An vielen anderen Abenden widerfährt dem CSU-Landrat Ähnliches. Mal heftiger, mal etwas sachlicher. Immer aber sind es Ängste, gegen die Göbel anreden muss.

Da hilft es freilich wenig, dass ihm die Staatsregierung immer wieder Steine in den Weg legt. So zumindest erlebt er das. Der Landkreis München wendet den sogenannten Königssteiner Schlüssel konsequent auf seine Kommunen an; strikt nach Bevölkerungszahl weißt das Landratsamt Flüchtlinge zu. Und die 29 Städte und Gemeinden wissen, dass sie in Form von Unterkünften ihren Beitrag leisten müssen. Doch dann kam im vergangenen Jahr der Baustopp neuer Unterkünfte. Von einem Tag auf den anderen durfte das Landratsamt selbst bereits genehmigte Bauten nicht weiter verfolgen. Die Kommunen und mit ihnen der Landrat standen dem Beschluss fassungslos gegenüber. "Ein Riesenfehler", sagte Göbel damals. Mittlerweile besteht diese Vorgabe nicht mehr.
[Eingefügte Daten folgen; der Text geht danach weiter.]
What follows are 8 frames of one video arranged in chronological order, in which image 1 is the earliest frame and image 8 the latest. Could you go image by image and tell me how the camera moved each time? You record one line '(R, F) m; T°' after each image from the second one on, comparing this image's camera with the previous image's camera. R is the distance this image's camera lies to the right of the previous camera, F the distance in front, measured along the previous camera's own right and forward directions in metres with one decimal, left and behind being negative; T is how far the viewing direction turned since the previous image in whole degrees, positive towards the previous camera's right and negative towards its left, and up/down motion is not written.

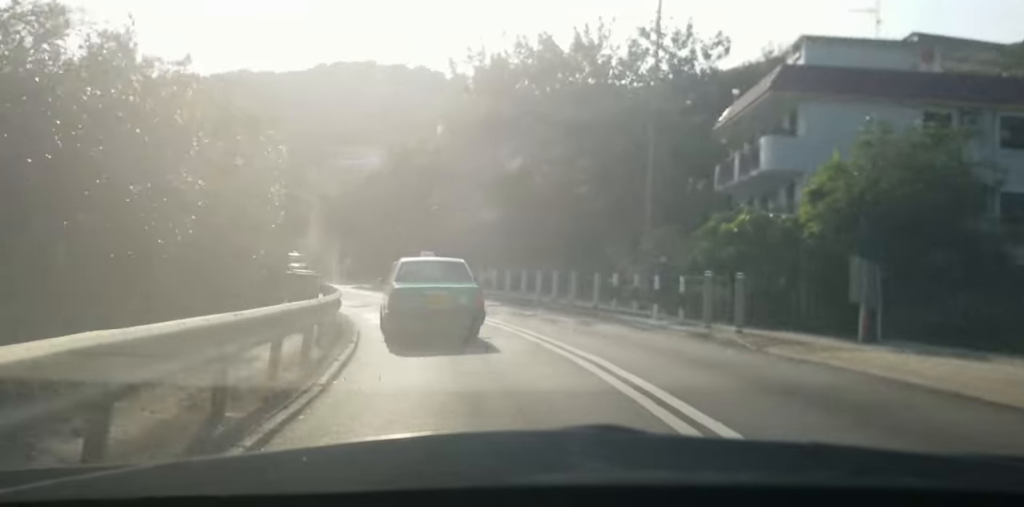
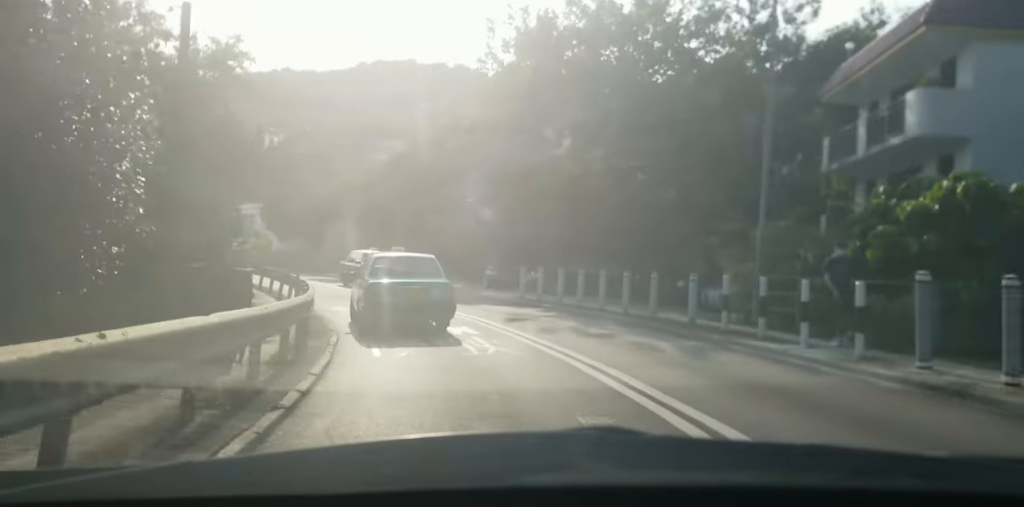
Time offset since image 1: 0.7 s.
(0.0, +6.1) m; -3°
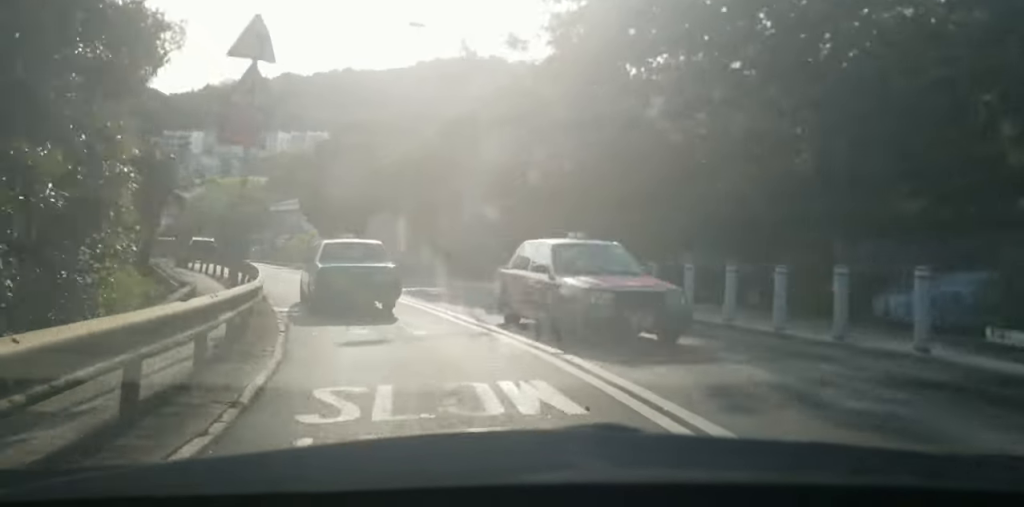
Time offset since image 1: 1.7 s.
(-0.4, +8.2) m; -7°
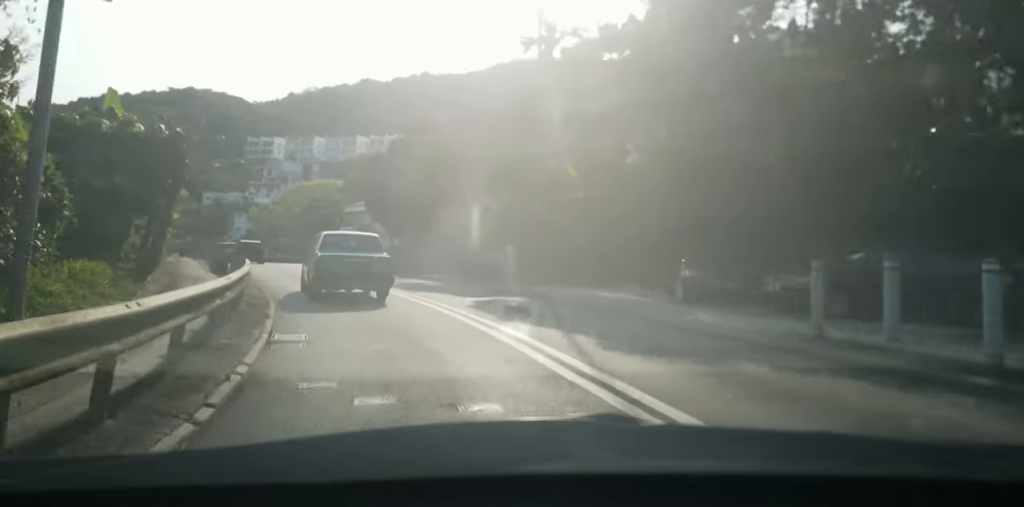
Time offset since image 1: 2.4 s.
(-0.3, +5.9) m; -5°
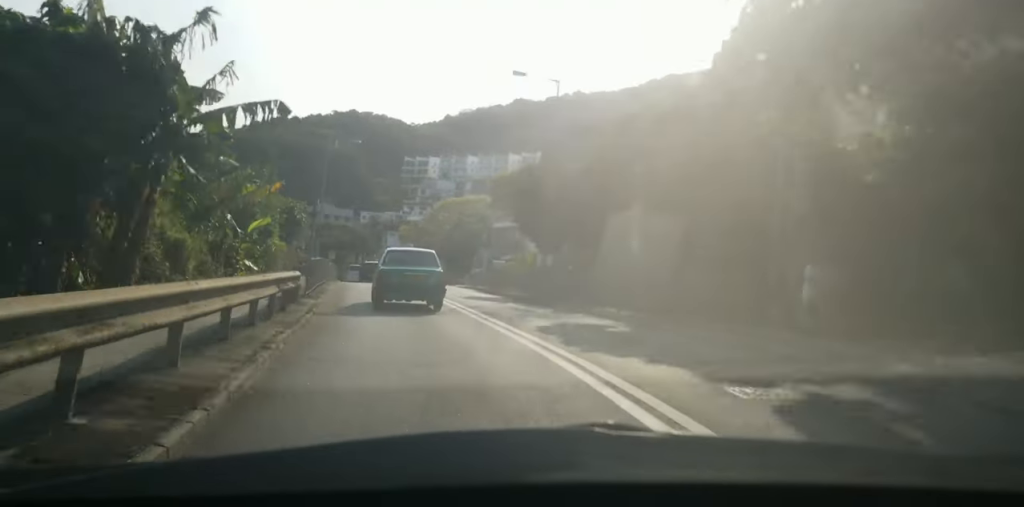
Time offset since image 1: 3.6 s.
(-0.8, +10.5) m; -10°
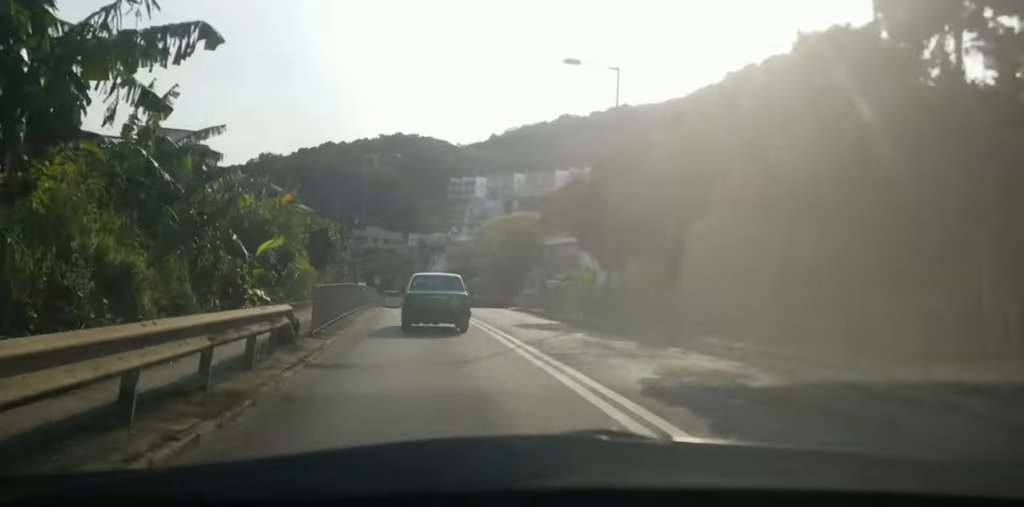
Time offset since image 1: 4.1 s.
(-0.4, +5.1) m; -3°
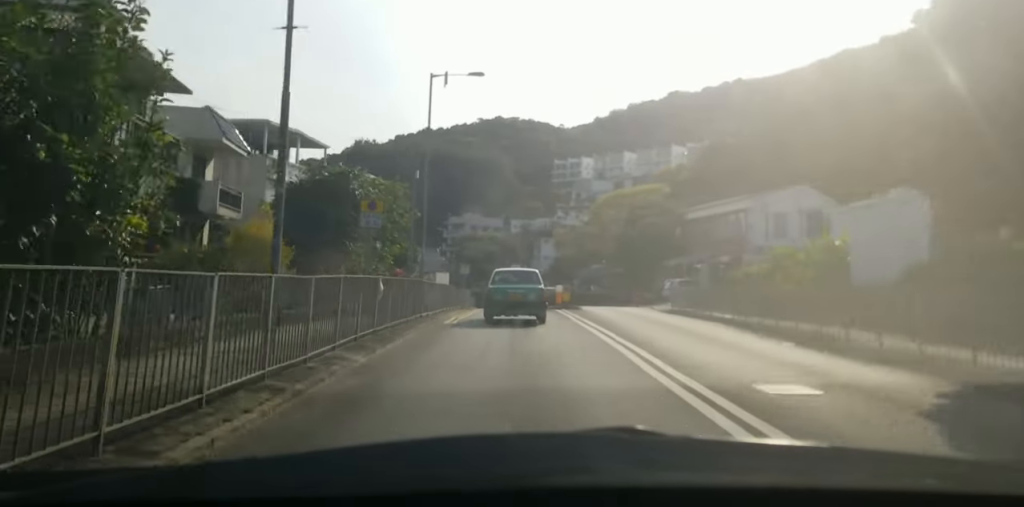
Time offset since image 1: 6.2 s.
(-2.2, +20.3) m; -10°
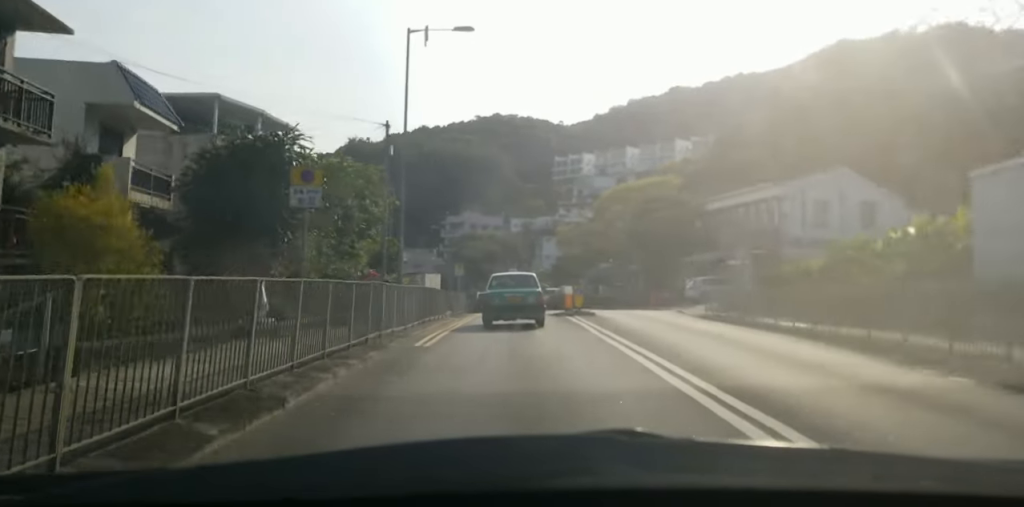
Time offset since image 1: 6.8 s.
(-0.1, +6.2) m; 0°

"Der Freistaat lässt uns hängen!" Diesen Satz sagte Göbel in den Etatverhandlungen des Landkreises. Damals kritisierte er heftig, dass die Staatsregierung immer mehr Aufgaben auf die Landkreise abwälze, aber nicht für das notwendige Personal zahle. Dieser Frontalangriff ließ in der Folge auch andere CSU-Landräte in den Chor der Kritik einstimmen.

Seit kurzem geht die Staatsregierung auch deutlich restriktiver bei der Vergabe von Arbeitserlaubnissen vor, insbesondere bei Flüchtlingen mit geringer Bleibeperspektive. Göbel nennt das "falsch und fatal". Überall dort, wo viele Menschen lange auf engem Raum zusammen leben müssten, sagt der Landrat, gebe es sozialen Sprengstoff. "Wir müssen sie beschäftigen. Sie müssen in Ausbildung und in Arbeit", sagt Göbel. "Das ist der richtige Weg, um Auseinandersetzungen zu verhindern. Unabhängig von der Bleibeperspektive." Und als Jurist, der er nun mal ist, sagt er: "Wir nutzen da in unserer Behörde den Spielraum, den wir haben. Bei uns werden keine Arbeitserlaubnisse verweigert. "

Eine Stabsstelle Asyl

Zu seinen Leistungen gehört es auch, die Flüchtlingsarbeit professionalisiert zu haben. Im Landkreis München gibt es hierfür die eigens geschaffene Stabsstelle Asyl mit derzeit etwa 80 Mitarbeitern. Hier wird alles koordiniert, was im bevölkerungsreichsten Landkreis des Freistaats mit Schutzsuchenden zu tun hat - von der Unterbringung über die Arbeit der Helferkreise bis zur Jobsuche.

Viele in der CSU fragen sich, ob einer wie Christoph Göbel in der Partei noch etwas anderes werden könnte. Auf Landesebene? Minister? Er selbst kann und will das nicht beantworten. "Ich werde mich nicht verbiegen lassen. Sonst könnte ich nicht mehr in den Spiegel schauen."